São dois bancos no campus-sede (um no hall da Reitoria e outro no bloco Jorge Kalume), além de um no campus Floresta, em Cruzeiro do Sul. A reitora Guida Aquino destacou que a instalação dos bancos reforça o papel da universidade na promoção de campanhas e políticas de conscientização sobre a violência contra a mulher. “A violência não se caracteriza apenas em matar, também se caracteriza em gestos, em fala, em atitudes.”
A secretária de Estado da Mulher, Márdhia El-Shawwa, ressaltou a importância de a Ufac incorporar o debate sobre o feminicídio em seus espaços institucionais e defendeu a atuação conjunta entre universidade, governo e sociedade.

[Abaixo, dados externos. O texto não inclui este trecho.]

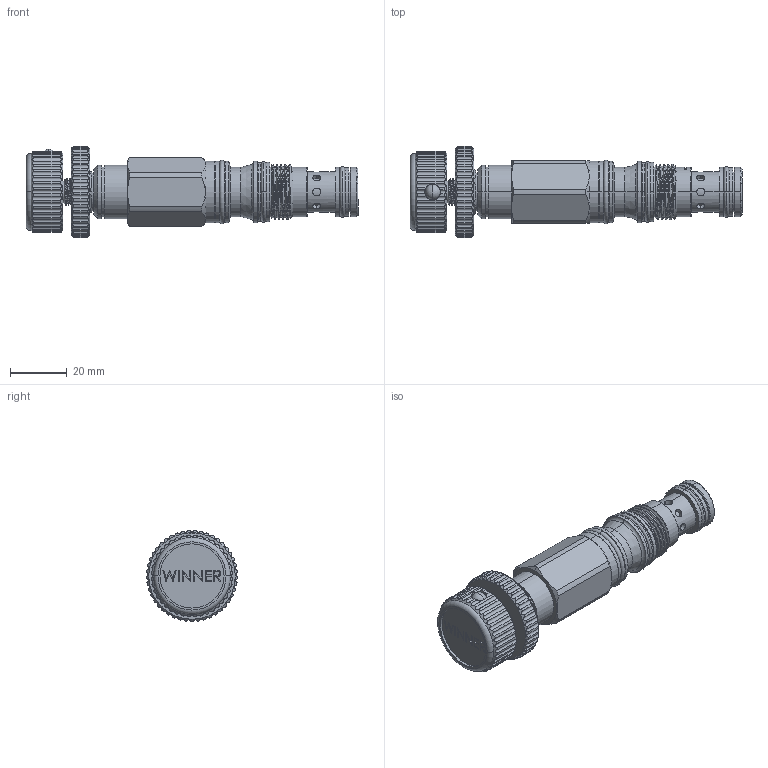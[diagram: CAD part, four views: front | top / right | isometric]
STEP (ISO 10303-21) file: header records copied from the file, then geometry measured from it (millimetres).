
FILE_DESCRIPTION (( 'STEP AP203' ), '1' );
FILE_NAME ('PD11A3J-K.STEP', '2021-07-09T05:49:54', ( '' ), ( '' ), 'SwSTEP 2.0', 'SolidWorks 2018', '' );
FILE_SCHEMA (( 'CONFIG_CONTROL_DESIGN' ));
Length unit declared in the file: millimetre
Products named in the file (1): PD11A3J-K
Bounding box: 117.4 x 32.2 x 32.18 mm (x, y, z)
Volume: 42079.4 mm3; surface area: 13864.9 mm2
Topology: 3 solids, 3 shells, 563 faces, 1486 edges, 969 vertices
Faces by surface type: cylinder 358, plane 118, cone 50, torus 22, bspline 13, sphere 2
Entity records: 27958 total; most frequent: CARTESIAN_POINT 14489, ORIENTED_EDGE 2972, DIRECTION 2596, EDGE_CURVE 1486, AXIS2_PLACEMENT_3D 991, VERTEX_POINT 969, LINE 614, VECTOR 614
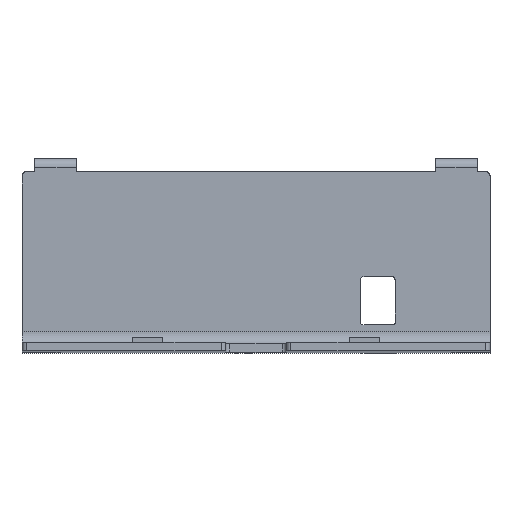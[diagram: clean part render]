
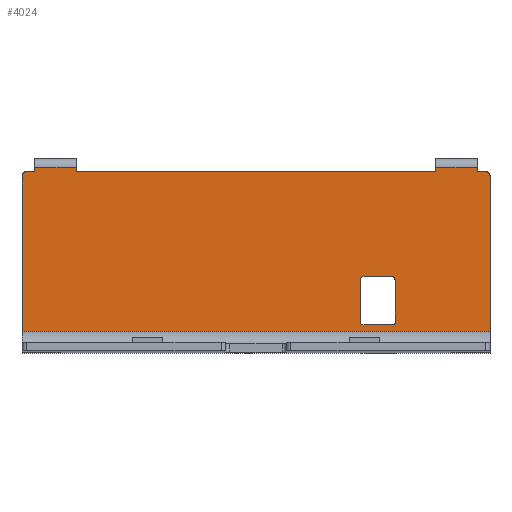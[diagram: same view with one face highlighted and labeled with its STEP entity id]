
A CAD part, front view. The second image highlights one B-rep face of the part: STEP entity #4024.
In plain terms, the highlighted planar face has unit normal (0, -1, 0).
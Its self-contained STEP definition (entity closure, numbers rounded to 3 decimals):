
#689=DIRECTION('',(0.,0.,1.));
#690=VECTOR('',#689,17.892);
#691=CARTESIAN_POINT('',(-26.9,-1.,-20.436));
#692=LINE('',#691,#690);
#733=DIRECTION('',(1.,0.,0.));
#734=VECTOR('',#733,53.8);
#735=CARTESIAN_POINT('',(-26.9,-1.,-2.544));
#736=LINE('',#735,#734);
#747=DIRECTION('',(0.,0.,1.));
#748=VECTOR('',#747,17.892);
#749=CARTESIAN_POINT('',(26.9,-1.,-20.436));
#750=LINE('',#749,#748);
#754=CARTESIAN_POINT('',(26.4,-1.,-20.436));
#755=DIRECTION('',(0.,-1.,0.));
#756=DIRECTION('',(0.,0.,-1.));
#757=AXIS2_PLACEMENT_3D('',#754,#755,#756);
#762=DIRECTION('',(0.,0.,1.));
#763=VECTOR('',#762,0.5);
#764=CARTESIAN_POINT('',(25.45,-1.,-21.436));
#765=LINE('',#764,#763);
#769=DIRECTION('',(0.,0.,1.));
#770=VECTOR('',#769,0.5);
#771=CARTESIAN_POINT('',(-20.65,-1.,-21.436));
#772=LINE('',#771,#770);
#776=CARTESIAN_POINT('',(-26.4,-1.,-20.436));
#777=DIRECTION('',(0.,-1.,0.));
#778=DIRECTION('',(-1.,0.,0.));
#779=AXIS2_PLACEMENT_3D('',#776,#777,#778);
#784=DIRECTION('',(1.,0.,0.));
#785=VECTOR('',#784,3.4);
#786=CARTESIAN_POINT('',(-15.7,-1.,-3.336));
#787=LINE('',#786,#785);
#791=CARTESIAN_POINT('',(-15.7,-1.,-3.636));
#792=DIRECTION('',(0.,1.,0.));
#793=DIRECTION('',(-1.,0.,0.));
#794=AXIS2_PLACEMENT_3D('',#791,#792,#793);
#799=DIRECTION('',(0.,0.,1.));
#800=VECTOR('',#799,4.776);
#801=CARTESIAN_POINT('',(-16.,-1.,-8.411));
#802=LINE('',#801,#800);
#806=CARTESIAN_POINT('',(-12.3,-1.,-3.636));
#807=DIRECTION('',(0.,1.,0.));
#808=DIRECTION('',(0.,0.,1.));
#809=AXIS2_PLACEMENT_3D('',#806,#807,#808);
#1293=DIRECTION('',(-1.,0.,0.));
#1294=VECTOR('',#1293,0.95);
#1295=CARTESIAN_POINT('',(-25.45,-1.,-20.936));
#1296=LINE('',#1295,#1294);
#1314=DIRECTION('',(-1.,0.,0.));
#1315=VECTOR('',#1314,41.3);
#1316=CARTESIAN_POINT('',(20.65,-1.,-20.936));
#1317=LINE('',#1316,#1315);
#1328=DIRECTION('',(-1.,0.,0.));
#1329=VECTOR('',#1328,0.95);
#1330=CARTESIAN_POINT('',(26.4,-1.,-20.936));
#1331=LINE('',#1330,#1329);
#1364=DIRECTION('',(0.,0.,1.));
#1365=VECTOR('',#1364,0.5);
#1366=CARTESIAN_POINT('',(-25.45,-1.,-21.436));
#1367=LINE('',#1366,#1365);
#1497=DIRECTION('',(-1.,0.,0.));
#1498=VECTOR('',#1497,4.8);
#1499=CARTESIAN_POINT('',(-20.65,-1.,-21.436));
#1500=LINE('',#1499,#1498);
#1554=DIRECTION('',(0.,0.,1.));
#1555=VECTOR('',#1554,0.5);
#1556=CARTESIAN_POINT('',(20.65,-1.,-21.436));
#1557=LINE('',#1556,#1555);
#1636=DIRECTION('',(-1.,0.,0.));
#1637=VECTOR('',#1636,4.8);
#1638=CARTESIAN_POINT('',(25.45,-1.,-21.436));
#1639=LINE('',#1638,#1637);
#1750=DIRECTION('',(1.,0.,0.));
#1751=VECTOR('',#1750,3.4);
#1752=CARTESIAN_POINT('',(-15.7,-1.,-8.836));
#1753=LINE('',#1752,#1751);
#1757=CARTESIAN_POINT('',(-16.,-1.,-8.411));
#1758=CARTESIAN_POINT('',(-16.,-1.,-8.532));
#1759=CARTESIAN_POINT('',(-15.956,-1.,-8.669));
#1760=CARTESIAN_POINT('',(-15.841,-1.,-8.796));
#1761=CARTESIAN_POINT('',(-15.76,-1.,-8.836));
#1762=CARTESIAN_POINT('',(-15.7,-1.,-8.836));
#1833=DIRECTION('',(0.,0.,1.));
#1834=VECTOR('',#1833,4.776);
#1835=CARTESIAN_POINT('',(-12.,-1.,-8.411));
#1836=LINE('',#1835,#1834);
#1847=CARTESIAN_POINT('',(-12.3,-1.,-8.836));
#1848=CARTESIAN_POINT('',(-12.24,-1.,-8.836));
#1849=CARTESIAN_POINT('',(-12.159,-1.,-8.796));
#1850=CARTESIAN_POINT('',(-12.044,-1.,-8.669));
#1851=CARTESIAN_POINT('',(-12.,-1.,-8.532));
#1852=CARTESIAN_POINT('',(-12.,-1.,-8.411));
#3050=CARTESIAN_POINT('',(-12.3,-1.,-8.836));
#3052=VERTEX_POINT('',#3050);
#3077=CARTESIAN_POINT('',(-26.9,-1.,-20.436));
#3078=CARTESIAN_POINT('',(-26.4,-1.,-20.936));
#3079=VERTEX_POINT('',#3077);
#3080=VERTEX_POINT('',#3078);
#3113=CARTESIAN_POINT('',(-20.65,-1.,-21.436));
#3114=CARTESIAN_POINT('',(-20.65,-1.,-20.936));
#3115=VERTEX_POINT('',#3113);
#3116=VERTEX_POINT('',#3114);
#3117=CARTESIAN_POINT('',(-15.7,-1.,-8.836));
#3119=VERTEX_POINT('',#3117);
#3125=CARTESIAN_POINT('',(26.4,-1.,-20.936));
#3126=CARTESIAN_POINT('',(26.9,-1.,-20.436));
#3127=VERTEX_POINT('',#3125);
#3128=VERTEX_POINT('',#3126);
#3183=CARTESIAN_POINT('',(26.9,-1.,-2.544));
#3184=VERTEX_POINT('',#3183);
#3187=CARTESIAN_POINT('',(-26.9,-1.,-2.544));
#3189=VERTEX_POINT('',#3187);
#3199=CARTESIAN_POINT('',(-25.45,-1.,-20.936));
#3200=VERTEX_POINT('',#3199);
#3201=CARTESIAN_POINT('',(-16.,-1.,-3.636));
#3202=CARTESIAN_POINT('',(-15.7,-1.,-3.336));
#3203=VERTEX_POINT('',#3201);
#3204=VERTEX_POINT('',#3202);
#3223=CARTESIAN_POINT('',(-25.45,-1.,-21.436));
#3224=VERTEX_POINT('',#3223);
#3225=CARTESIAN_POINT('',(-16.,-1.,-8.411));
#3227=VERTEX_POINT('',#3225);
#3229=CARTESIAN_POINT('',(20.65,-1.,-20.936));
#3231=VERTEX_POINT('',#3229);
#3241=CARTESIAN_POINT('',(25.45,-1.,-21.436));
#3243=VERTEX_POINT('',#3241);
#3281=CARTESIAN_POINT('',(25.45,-1.,-20.936));
#3282=VERTEX_POINT('',#3281);
#3306=CARTESIAN_POINT('',(-12.3,-1.,-3.336));
#3307=CARTESIAN_POINT('',(-12.,-1.,-3.636));
#3308=VERTEX_POINT('',#3306);
#3309=VERTEX_POINT('',#3307);
#3320=CARTESIAN_POINT('',(20.65,-1.,-21.436));
#3321=VERTEX_POINT('',#3320);
#3346=CARTESIAN_POINT('',(-12.,-1.,-8.411));
#3347=VERTEX_POINT('',#3346);
#3973=CARTESIAN_POINT('',(-26.9,-1.,-20.936));
#3974=DIRECTION('',(0.,-1.,0.));
#3975=DIRECTION('',(0.,0.,-1.));
#3976=AXIS2_PLACEMENT_3D('',#3973,#3974,#3975);
#3977=PLANE('',#3976);
#3978=ORIENTED_EDGE('',*,*,#3930,.T.);
#3979=ORIENTED_EDGE('',*,*,#3957,.T.);
#3981=ORIENTED_EDGE('',*,*,#3980,.F.);
#3983=ORIENTED_EDGE('',*,*,#3982,.F.);
#3985=ORIENTED_EDGE('',*,*,#3984,.T.);
#3987=ORIENTED_EDGE('',*,*,#3986,.F.);
#3989=ORIENTED_EDGE('',*,*,#3988,.T.);
#3991=ORIENTED_EDGE('',*,*,#3990,.T.);
#3993=ORIENTED_EDGE('',*,*,#3992,.T.);
#3995=ORIENTED_EDGE('',*,*,#3994,.F.);
#3997=ORIENTED_EDGE('',*,*,#3996,.T.);
#3999=ORIENTED_EDGE('',*,*,#3998,.T.);
#4001=ORIENTED_EDGE('',*,*,#4000,.T.);
#4003=ORIENTED_EDGE('',*,*,#4002,.F.);
#4004=EDGE_LOOP('',(#3978,#3979,#3981,#3983,#3985,#3987,#3989,#3991,#3993,#3995,
#3997,#3999,#4001,#4003));
#4005=FACE_OUTER_BOUND('',#4004,.F.);
#4007=ORIENTED_EDGE('',*,*,#4006,.F.);
#4009=ORIENTED_EDGE('',*,*,#4008,.F.);
#4011=ORIENTED_EDGE('',*,*,#4010,.F.);
#4013=ORIENTED_EDGE('',*,*,#4012,.T.);
#4015=ORIENTED_EDGE('',*,*,#4014,.T.);
#4017=ORIENTED_EDGE('',*,*,#4016,.T.);
#4019=ORIENTED_EDGE('',*,*,#4018,.T.);
#4021=ORIENTED_EDGE('',*,*,#4020,.F.);
#4022=EDGE_LOOP('',(#4007,#4009,#4011,#4013,#4015,#4017,#4019,#4021));
#4023=FACE_BOUND('',#4022,.F.);
#758=CIRCLE('',#757,0.5);
#780=CIRCLE('',#779,0.5);
#795=CIRCLE('',#794,0.3);
#810=CIRCLE('',#809,0.3);
#1763=B_SPLINE_CURVE_WITH_KNOTS('',3,(#1757,#1758,#1759,#1760,#1761,#1762),
.UNSPECIFIED.,.F.,.F.,(4,1,1,4),(0.,0.5,0.75,1.),.UNSPECIFIED.);
#1853=B_SPLINE_CURVE_WITH_KNOTS('',3,(#1847,#1848,#1849,#1850,#1851,#1852),
.UNSPECIFIED.,.F.,.F.,(4,1,1,4),(0.,0.25,0.5,1.),.UNSPECIFIED.);
#3930=EDGE_CURVE('',#3079,#3189,#692,.T.);
#3957=EDGE_CURVE('',#3189,#3184,#736,.T.);
#3980=EDGE_CURVE('',#3128,#3184,#750,.T.);
#3982=EDGE_CURVE('',#3127,#3128,#758,.T.);
#3984=EDGE_CURVE('',#3127,#3282,#1331,.T.);
#3986=EDGE_CURVE('',#3243,#3282,#765,.T.);
#3988=EDGE_CURVE('',#3243,#3321,#1639,.T.);
#3990=EDGE_CURVE('',#3321,#3231,#1557,.T.);
#3992=EDGE_CURVE('',#3231,#3116,#1317,.T.);
#3994=EDGE_CURVE('',#3115,#3116,#772,.T.);
#3996=EDGE_CURVE('',#3115,#3224,#1500,.T.);
#3998=EDGE_CURVE('',#3224,#3200,#1367,.T.);
#4000=EDGE_CURVE('',#3200,#3080,#1296,.T.);
#4002=EDGE_CURVE('',#3079,#3080,#780,.T.);
#4006=EDGE_CURVE('',#3204,#3308,#787,.T.);
#4008=EDGE_CURVE('',#3203,#3204,#795,.T.);
#4010=EDGE_CURVE('',#3227,#3203,#802,.T.);
#4012=EDGE_CURVE('',#3227,#3119,#1763,.T.);
#4014=EDGE_CURVE('',#3119,#3052,#1753,.T.);
#4016=EDGE_CURVE('',#3052,#3347,#1853,.T.);
#4018=EDGE_CURVE('',#3347,#3309,#1836,.T.);
#4020=EDGE_CURVE('',#3308,#3309,#810,.T.);
#4024=ADVANCED_FACE('',(#4005,#4023),#3977,.T.);

Segundo ela, a violência contra a mulher não pode ser naturalizada e a conscientização precisa alcançar também a formação de crianças e adolescentes.
A inauguração do Banco Vermelho também ocorre no contexto da aprovação da resolução do Conselho Universitário n.º 266, de 21/01/2026, que institui normas para a efetividade da política de prevenção e combate ao assédio moral, sexual, discriminações e outras violências, principalmente no que se refere a mulheres, população negra, indígena, pessoas com deficiência e LGBTQIAPN+ no âmbito da Ufac em local físico ou virtual relacionado.
No campus Floresta, em Cruzeiro do Sul, a inauguração do Banco Vermelho contou com a participação da coordenadora do Centro de Referência Brasileiro da Mulher, Anequele Monteiro.

Participaram da solenidade, no campus-sede, a pró-reitora de Desenvolvimento e Gestão de Pessoas, Filomena Maria Cruz; a pró-reitora de Graduação, Ednaceli Damasceno; a pró-reitora de Pesquisa e Pós-Graduação, Margarida Carvalho; a coordenadora do projeto de extensão Infância Segura, Alcione Groff; o secretário de Estado de Saúde, Pedro Pascoal; a defensora pública e chefe do Núcleo de Promoção da Defesa dos Direitos Humanos da Mulher, Diversidade Sexual e Gênero da DPE-AC, Clara Rúbia Roque; e o chefe do Centro de Apoio Operacional de Proteção à Mulher do MP-AC, Victor Augusto Silva.